# Task item
Nothing but the lines from the start of the entries through the line holding "Products named in" is to be repeated, exactly and with pictures excluded.

Records for the task section start

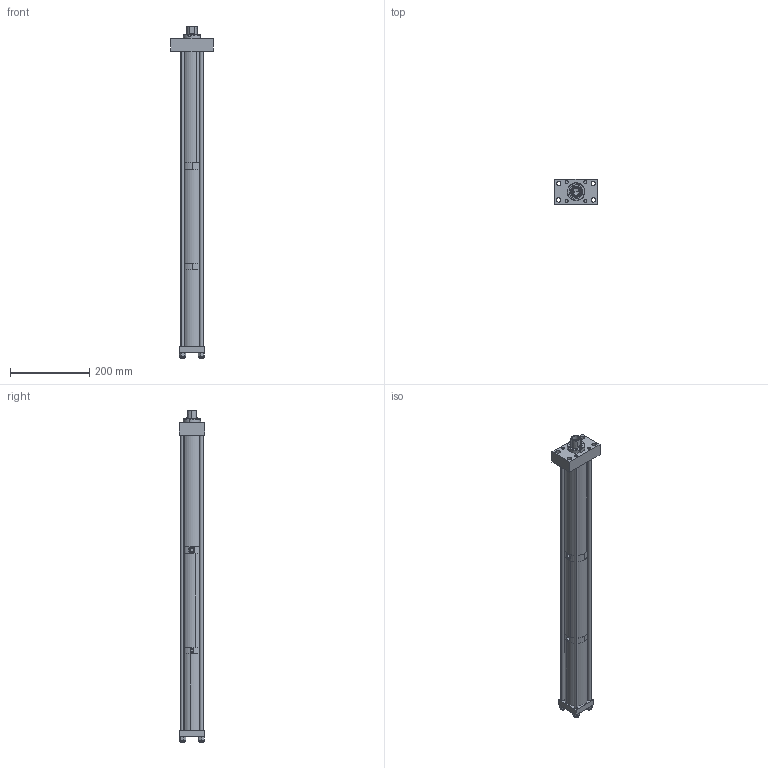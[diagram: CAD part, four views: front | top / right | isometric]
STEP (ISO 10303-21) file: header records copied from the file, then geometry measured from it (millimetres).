
FILE_DESCRIPTION (( 'STEP AP203' ), '1' );
FILE_NAME ('HPI-1-4.00-.75-FH-2020.STEP', '2020-04-15T12:32:00', ( '' ), ( '' ), 'SwSTEP 2.0', 'SolidWorks 2018', '' );
FILE_SCHEMA (( 'CONFIG_CONTROL_DESIGN' ));
Length unit declared in the file: inch
Products named in the file (12): EI0105_4.0-.25; E0164; NLN .375; E0118_4.00-.75(31.221"); E0104; E0113; E0101; E0111_4.0; G0110; HPI-1-4.00-.75-FH-2020; F0103; EI0114_.75
Assembly tree (17 placements, depth 2):
  HPI-1-4.00-.75-FH-2020
    E0104
    E0101
    F0103
    G0110
    E0113
    E0164
    NLN .375  x4
    E0111_4.0
    EI0105_4.0-.25
    EI0114_.75
    E0118_4.00-.75(31.221")  x4
Bounding box: 107.9 x 63.5 x 837.77 mm (x, y, z)
Volume: 1084587.1 mm3; surface area: 451769.7 mm2
Topology: 17 solids, 17 shells, 291 faces, 634 edges, 410 vertices
Faces by surface type: cylinder 149, plane 112, cone 30
Entity records: 8335 total; most frequent: CARTESIAN_POINT 1483, DIRECTION 1247, ORIENTED_EDGE 1012, AXIS2_PLACEMENT_3D 520, EDGE_CURVE 506, VERTEX_POINT 326, EDGE_LOOP 302, CIRCLE 269
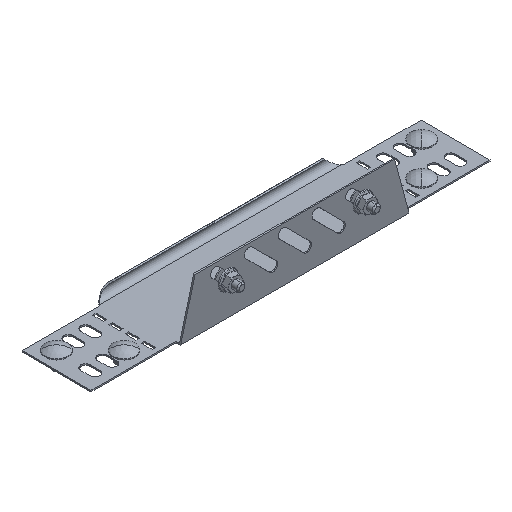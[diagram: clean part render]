
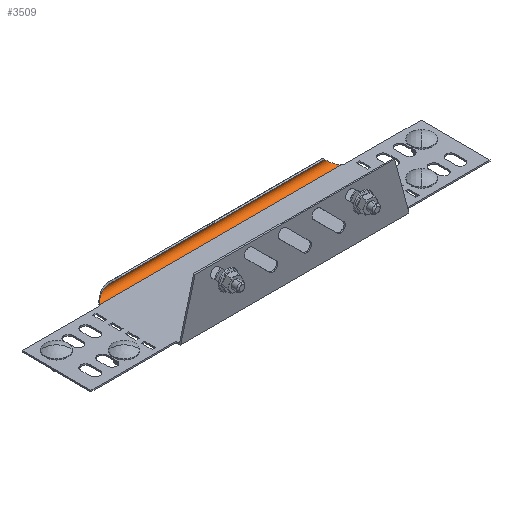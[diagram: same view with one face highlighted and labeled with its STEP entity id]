
A CAD part, isometric view. The second image highlights one B-rep face of the part: STEP entity #3509.
In plain terms, the highlighted cylindrical face has radius 4 mm (diameter 8 mm), a partial arc.
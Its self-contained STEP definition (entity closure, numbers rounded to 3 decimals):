
#369 = CARTESIAN_POINT ( 'NONE',  ( -80.032, 58.343, 7.232 ) ) ;
#386 = VERTEX_POINT ( 'NONE', #5765 ) ;
#580 = CARTESIAN_POINT ( 'NONE',  ( 80.915, 58.713, 6.539 ) ) ;
#801 = DIRECTION ( 'NONE',  ( -1., 0., 0. ) ) ;
#821 = CARTESIAN_POINT ( 'NONE',  ( 147.5, 57.828, 7.828 ) ) ;
#825 = CARTESIAN_POINT ( 'NONE',  ( -86.659, 57.549, 1.892 ) ) ;
#855 = CARTESIAN_POINT ( 'NONE',  ( -89.309, 55.393, 1. ) ) ;
#895 = CARTESIAN_POINT ( 'NONE',  ( 83.566, 58.942, 4.217 ) ) ;
#1149 = CARTESIAN_POINT ( 'NONE',  ( 82.683, 59.019, 4.999 ) ) ;
#1276 = CARTESIAN_POINT ( 'NONE',  ( 86.659, 57.549, 1.892 ) ) ;
#1391 = CARTESIAN_POINT ( 'NONE',  ( -83.566, 58.942, 4.217 ) ) ;
#1444 = ORIENTED_EDGE ( 'NONE', *, *, #3072, .T. ) ;
#1452 = CARTESIAN_POINT ( 'NONE',  ( 89.751, 55., 1. ) ) ;
#1520 = CARTESIAN_POINT ( 'NONE',  ( 81.357, 58.847, 6.166 ) ) ;
#1590 = VERTEX_POINT ( 'NONE', #5753 ) ;
#1747 = ORIENTED_EDGE ( 'NONE', *, *, #5072, .F. ) ;
#1868 = CARTESIAN_POINT ( 'NONE',  ( 84.008, 58.846, 3.832 ) ) ;
#1915 = CARTESIAN_POINT ( 'NONE',  ( -84.008, 58.846, 3.832 ) ) ;
#1960 = CARTESIAN_POINT ( 'NONE',  ( -86.217, 57.843, 2.159 ) ) ;
#2017 = CARTESIAN_POINT ( 'NONE',  ( 79.59, 58.106, 7.551 ) ) ;
#2078 = VERTEX_POINT ( 'NONE', #6746 ) ;
#2098 = VERTEX_POINT ( 'NONE', #1452 ) ;
#2182 = CARTESIAN_POINT ( 'NONE',  ( 147.5, 55., 1. ) ) ;
#2261 = VECTOR ( 'NONE', #801, 1000. ) ;
#2897 = CARTESIAN_POINT ( 'NONE',  ( 85.333, 58.341, 2.766 ) ) ;
#3072 = EDGE_CURVE ( 'NONE', #2098, #2078, #3319, .T. ) ;
#3212 = AXIS2_PLACEMENT_3D ( 'NONE', #6732, #6779, #5997 ) ;
#3319 = B_SPLINE_CURVE_WITH_KNOTS ( 'NONE', 3,
 ( #6520, #5472, #6011, #5019, #5561, #1276, #6033, #2897, #4951, #1868, #895, #1149, #5171, #1520, #580, #4768, #2017, #6188 ),
 .UNSPECIFIED., .F., .F.,
 ( 4, 2, 2, 2, 2, 2, 2, 2, 4 ),
 ( 0., 0.125, 0.25, 0.375, 0.5, 0.625, 0.75, 0.875, 1. ),
 .UNSPECIFIED. ) ;
#3366 = B_SPLINE_CURVE_WITH_KNOTS ( 'NONE', 3,
 ( #4032, #4550, #369, #6126, #4083, #6078, #6581, #1391, #1915, #3989, #6649, #1960, #825, #4501, #6607, #3482, #855, #5581 ),
 .UNSPECIFIED., .F., .F.,
 ( 4, 2, 2, 2, 2, 2, 2, 2, 4 ),
 ( 0., 0.125, 0.25, 0.375, 0.5, 0.625, 0.75, 0.875, 1. ),
 .UNSPECIFIED. ) ;
#3476 = ORIENTED_EDGE ( 'NONE', *, *, #5543, .T. ) ;
#3482 = CARTESIAN_POINT ( 'NONE',  ( -88.868, 55.785, 1.058 ) ) ;
#3509 = ADVANCED_FACE ( 'NONE', ( #6543 ), #6785, .F. ) ;
#3989 = CARTESIAN_POINT ( 'NONE',  ( -84.891, 58.545, 3.106 ) ) ;
#4032 = CARTESIAN_POINT ( 'NONE',  ( -79.148, 57.828, 7.828 ) ) ;
#4083 = CARTESIAN_POINT ( 'NONE',  ( -81.357, 58.847, 6.166 ) ) ;
#4085 = LINE ( 'NONE', #821, #2261 ) ;
#4501 = CARTESIAN_POINT ( 'NONE',  ( -87.542, 56.896, 1.456 ) ) ;
#4550 = CARTESIAN_POINT ( 'NONE',  ( -79.59, 58.106, 7.551 ) ) ;
#4768 = CARTESIAN_POINT ( 'NONE',  ( 80.032, 58.343, 7.232 ) ) ;
#4951 = CARTESIAN_POINT ( 'NONE',  ( 84.891, 58.545, 3.106 ) ) ;
#5019 = CARTESIAN_POINT ( 'NONE',  ( 87.984, 56.537, 1.286 ) ) ;
#5072 = EDGE_CURVE ( 'NONE', #2098, #1590, #5316, .T. ) ;
#5114 = EDGE_LOOP ( 'NONE', ( #5707, #1747, #1444, #3476 ) ) ;
#5171 = CARTESIAN_POINT ( 'NONE',  ( 82.241, 59., 5.395 ) ) ;
#5270 = EDGE_CURVE ( 'NONE', #386, #1590, #3366, .T. ) ;
#5316 = LINE ( 'NONE', #2182, #6535 ) ;
#5472 = CARTESIAN_POINT ( 'NONE',  ( 89.309, 55.393, 1. ) ) ;
#5543 = EDGE_CURVE ( 'NONE', #2078, #386, #4085, .T. ) ;
#5561 = CARTESIAN_POINT ( 'NONE',  ( 87.542, 56.896, 1.456 ) ) ;
#5581 = CARTESIAN_POINT ( 'NONE',  ( -89.751, 55., 1. ) ) ;
#5707 = ORIENTED_EDGE ( 'NONE', *, *, #5270, .T. ) ;
#5753 = CARTESIAN_POINT ( 'NONE',  ( -89.751, 55., 1. ) ) ;
#5765 = CARTESIAN_POINT ( 'NONE',  ( -79.148, 57.828, 7.828 ) ) ;
#5997 = DIRECTION ( 'NONE',  ( 0., 0., 1. ) ) ;
#6011 = CARTESIAN_POINT ( 'NONE',  ( 88.868, 55.785, 1.058 ) ) ;
#6033 = CARTESIAN_POINT ( 'NONE',  ( 86.217, 57.843, 2.159 ) ) ;
#6078 = CARTESIAN_POINT ( 'NONE',  ( -82.241, 59., 5.395 ) ) ;
#6126 = CARTESIAN_POINT ( 'NONE',  ( -80.915, 58.713, 6.539 ) ) ;
#6188 = CARTESIAN_POINT ( 'NONE',  ( 79.148, 57.828, 7.828 ) ) ;
#6423 = DIRECTION ( 'NONE',  ( -1., 0., 0. ) ) ;
#6520 = CARTESIAN_POINT ( 'NONE',  ( 89.751, 55., 1. ) ) ;
#6535 = VECTOR ( 'NONE', #6423, 1000. ) ;
#6543 = FACE_OUTER_BOUND ( 'NONE', #5114, .T. ) ;
#6581 = CARTESIAN_POINT ( 'NONE',  ( -82.683, 59.019, 4.999 ) ) ;
#6607 = CARTESIAN_POINT ( 'NONE',  ( -87.984, 56.537, 1.286 ) ) ;
#6649 = CARTESIAN_POINT ( 'NONE',  ( -85.333, 58.341, 2.766 ) ) ;
#6732 = CARTESIAN_POINT ( 'NONE',  ( 179.818, 55., 5. ) ) ;
#6746 = CARTESIAN_POINT ( 'NONE',  ( 79.148, 57.828, 7.828 ) ) ;
#6779 = DIRECTION ( 'NONE',  ( -1., 0., 0. ) ) ;
#6785 = CYLINDRICAL_SURFACE ( 'NONE', #3212, 4. ) ;

Records for the task section end

# Response
[diagram: CAD part, four views: front | top / right | isometric]
STEP (ISO 10303-21) file: header records copied from the file, then geometry measured from it (millimetres).
FILE_DESCRIPTION (( 'STEP AP203' ), '1' );
FILE_NAME ('HPI-1-4.00-.75-FH-2020.STEP', '2020-04-15T12:32:00', ( '' ), ( '' ), 'SwSTEP 2.0', 'SolidWorks 2018', '' );
FILE_SCHEMA (( 'CONFIG_CONTROL_DESIGN' ));
Length unit declared in the file: inch
Products named in the file (12): EI0105_4.0-.25; E0164; NLN .375; E0118_4.00-.75(31.221"); E0104; E0113; E0101; E0111_4.0; G0110; HPI-1-4.00-.75-FH-2020; F0103; EI0114_.75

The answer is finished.